- **Task goal**
Repeat the listing exactly. Pictures stay out of your copy.

- **Data**
---+---
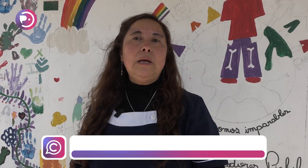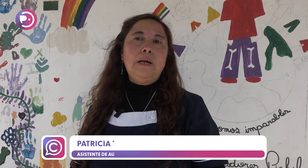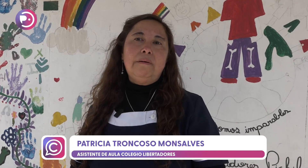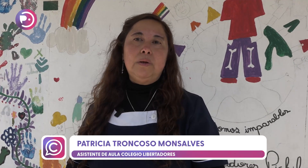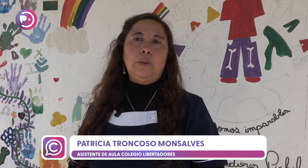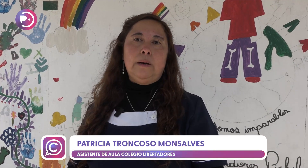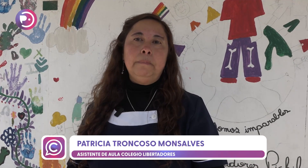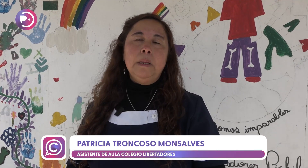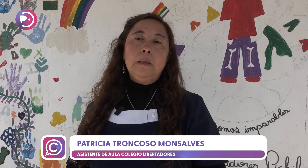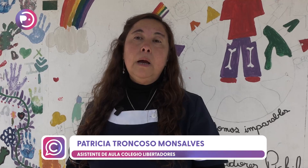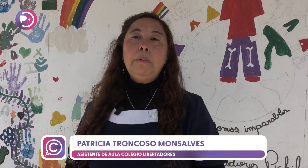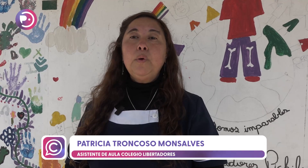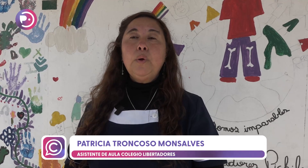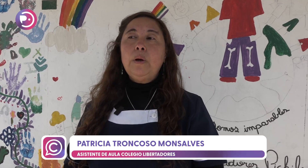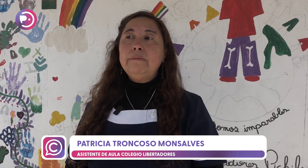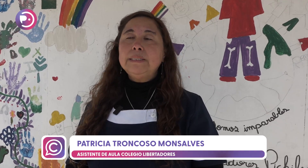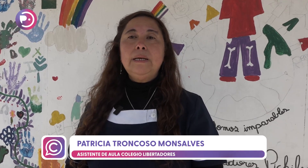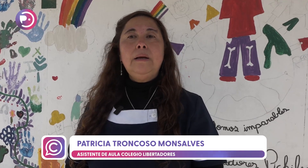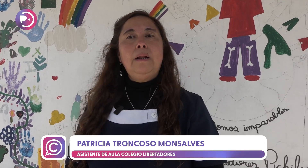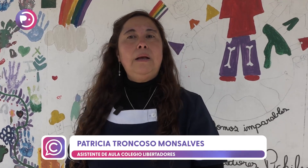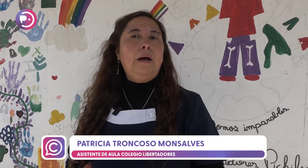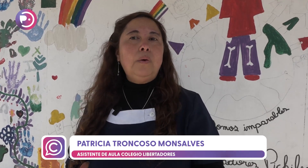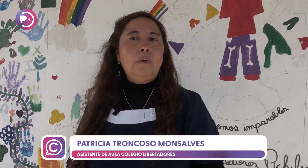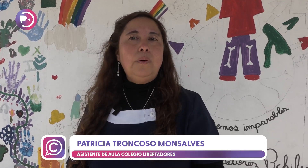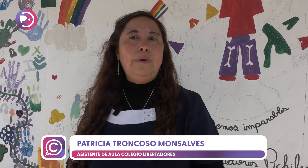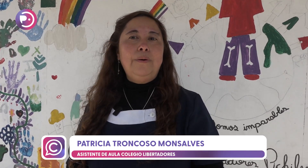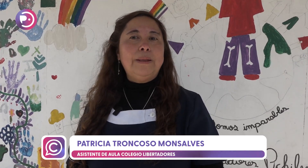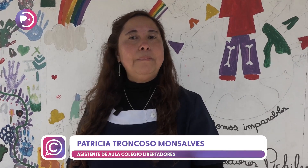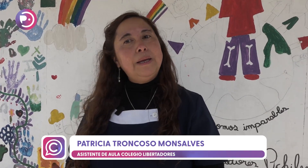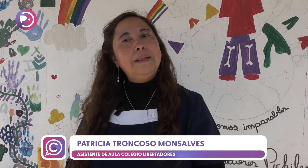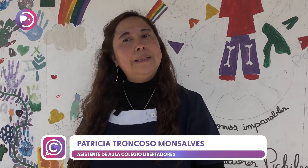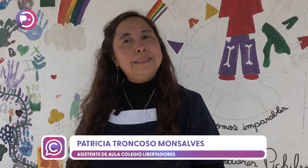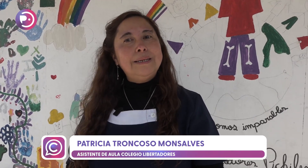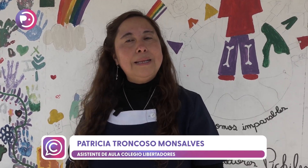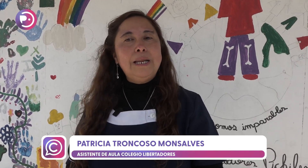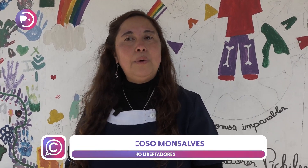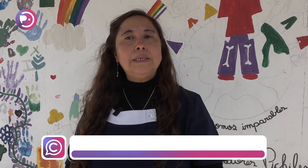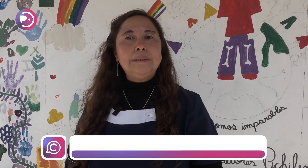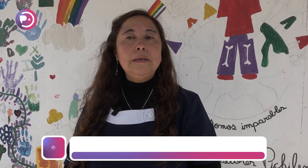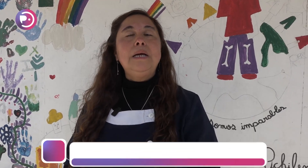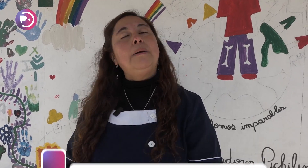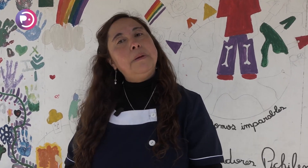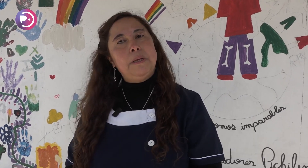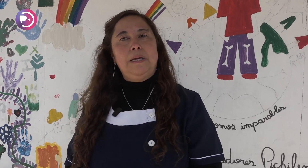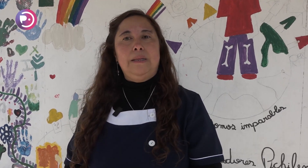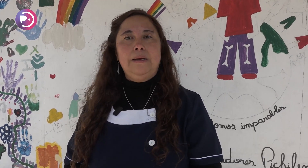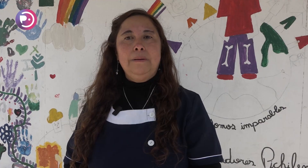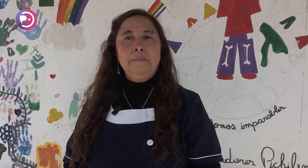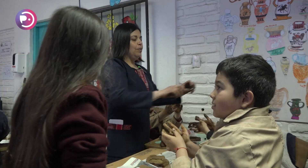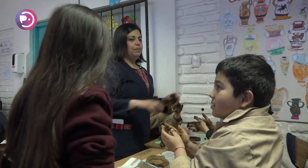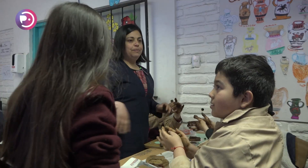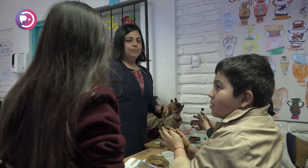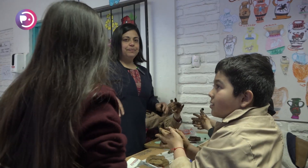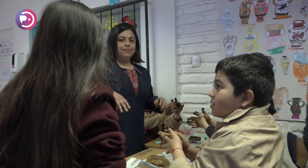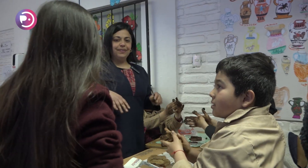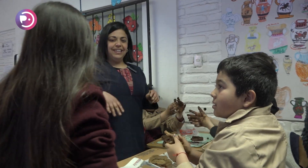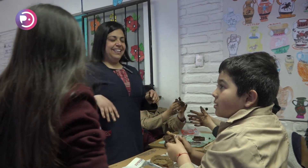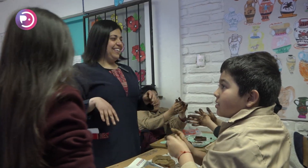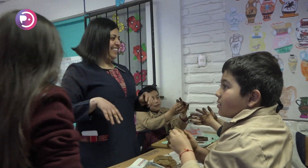la va a ayudar. Ya, pero yo igual a veces le hago también de seña, lenguaje de seña y también me entiende. La tía Margarita que es la profesora
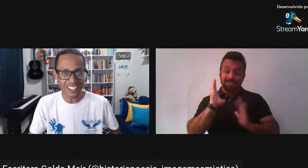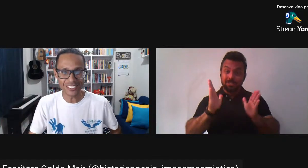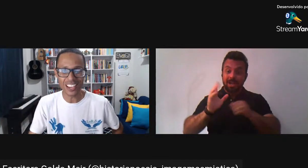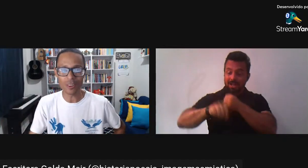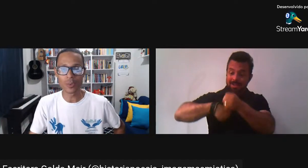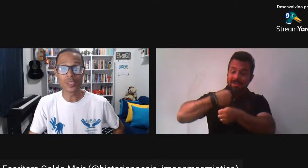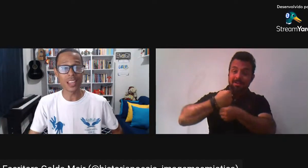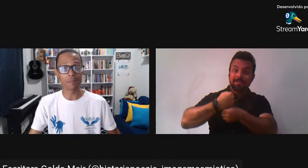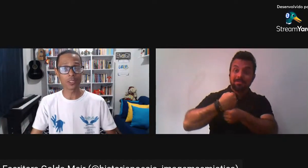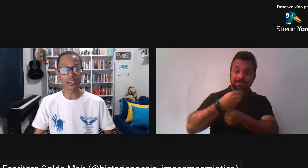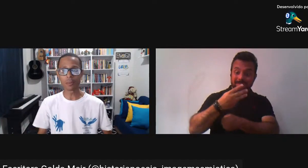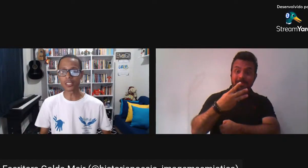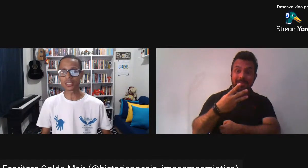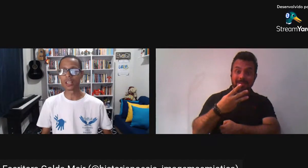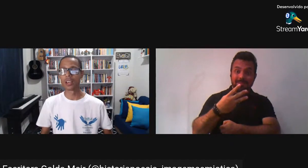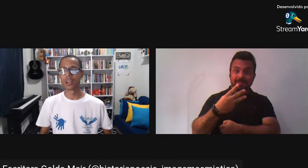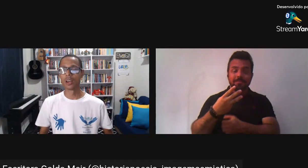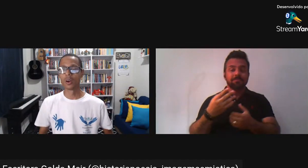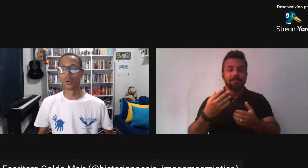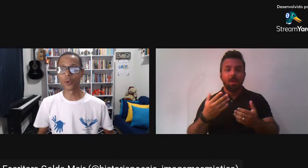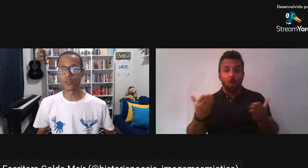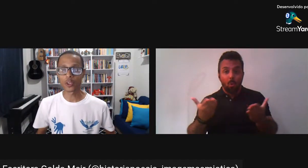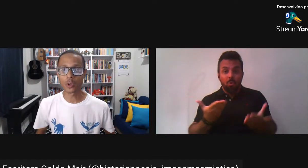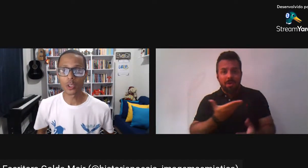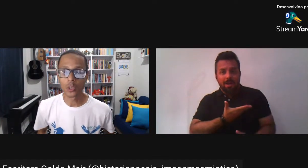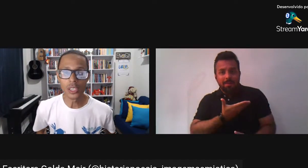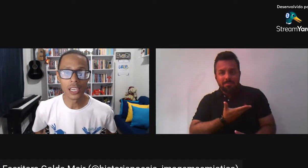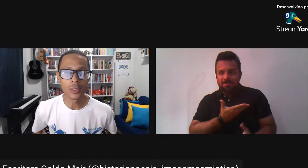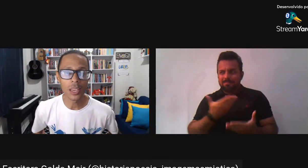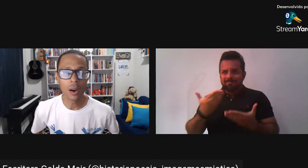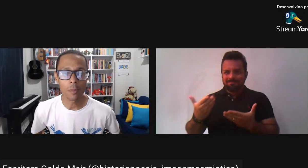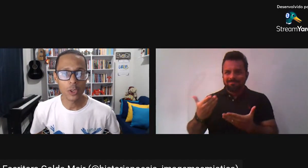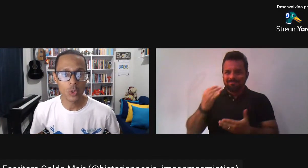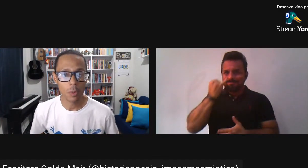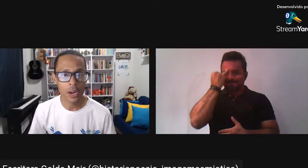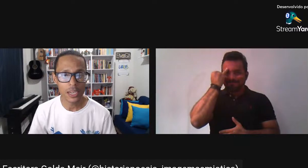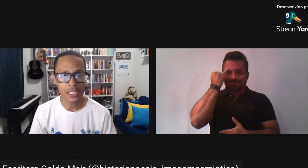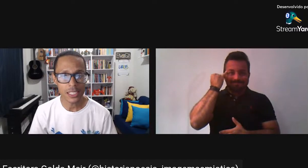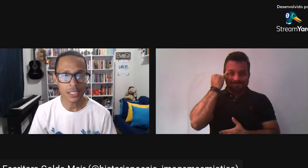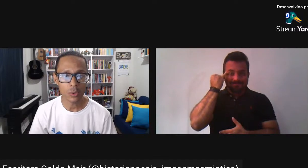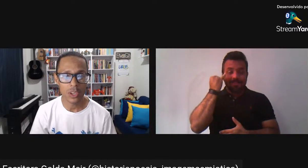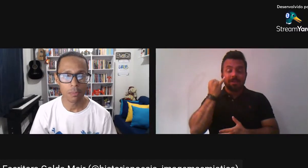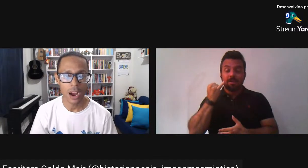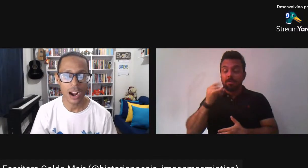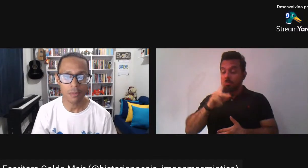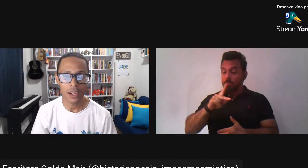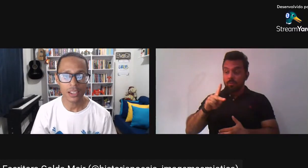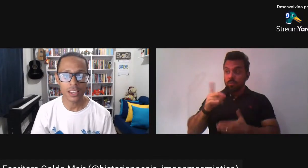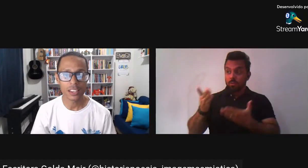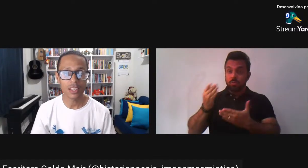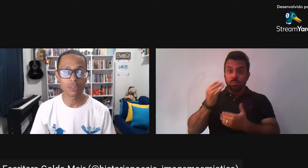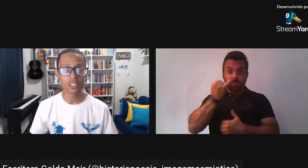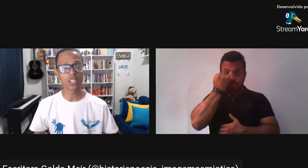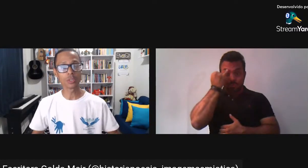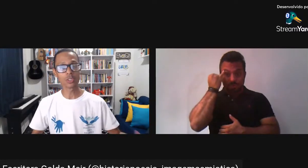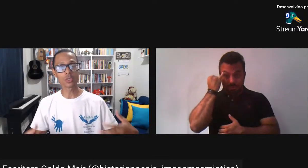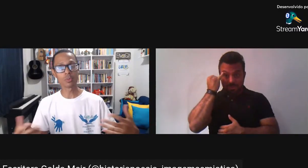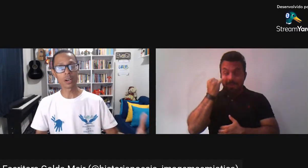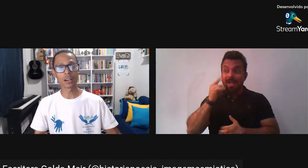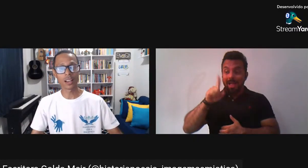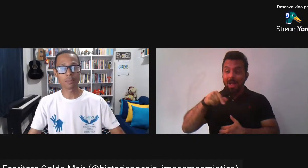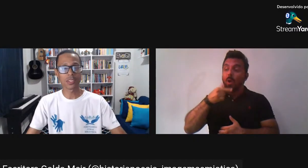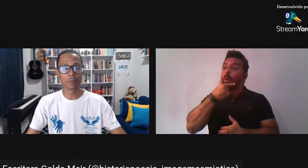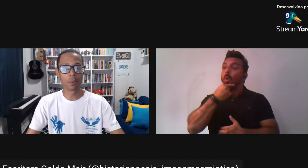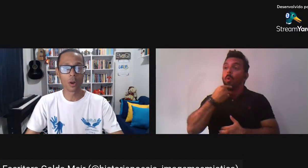está aqui do lado, né? Com o Interf de Libras O professor Juliano, ele é uma pessoa branca Usa barba Está vestido
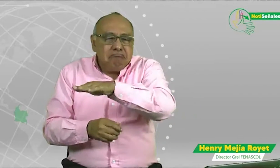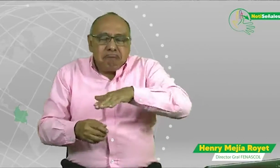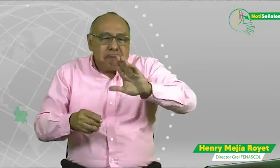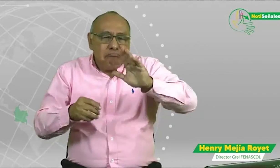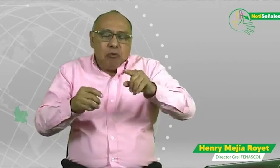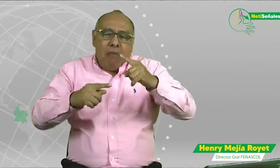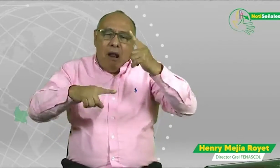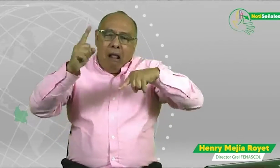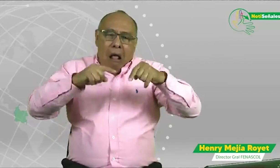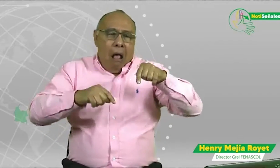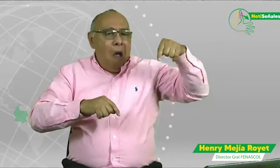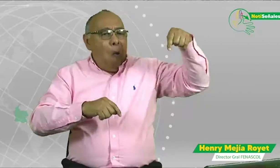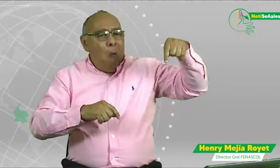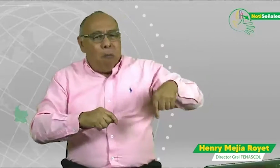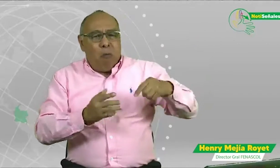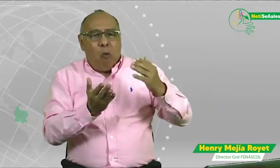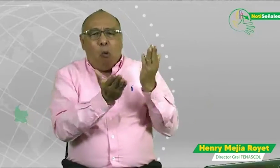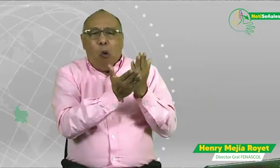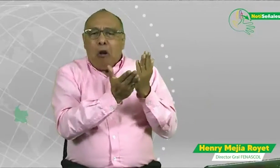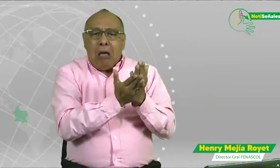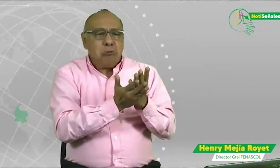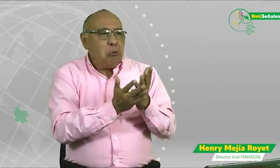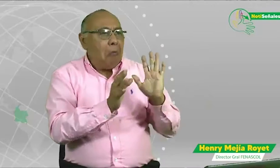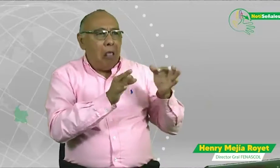están grabando, desde dónde viven ustedes.
---+---
- **Exercise result**
la va a ayudar. Ya, pero yo igual a veces le hago también de seña, lenguaje de seña y también me entiende. La tía Margarita que es la profesora
está aqui do lado, né? Com o Interf de Libras O professor Juliano, ele é uma pessoa branca Usa barba Está vestido
están grabando, desde dónde viven ustedes.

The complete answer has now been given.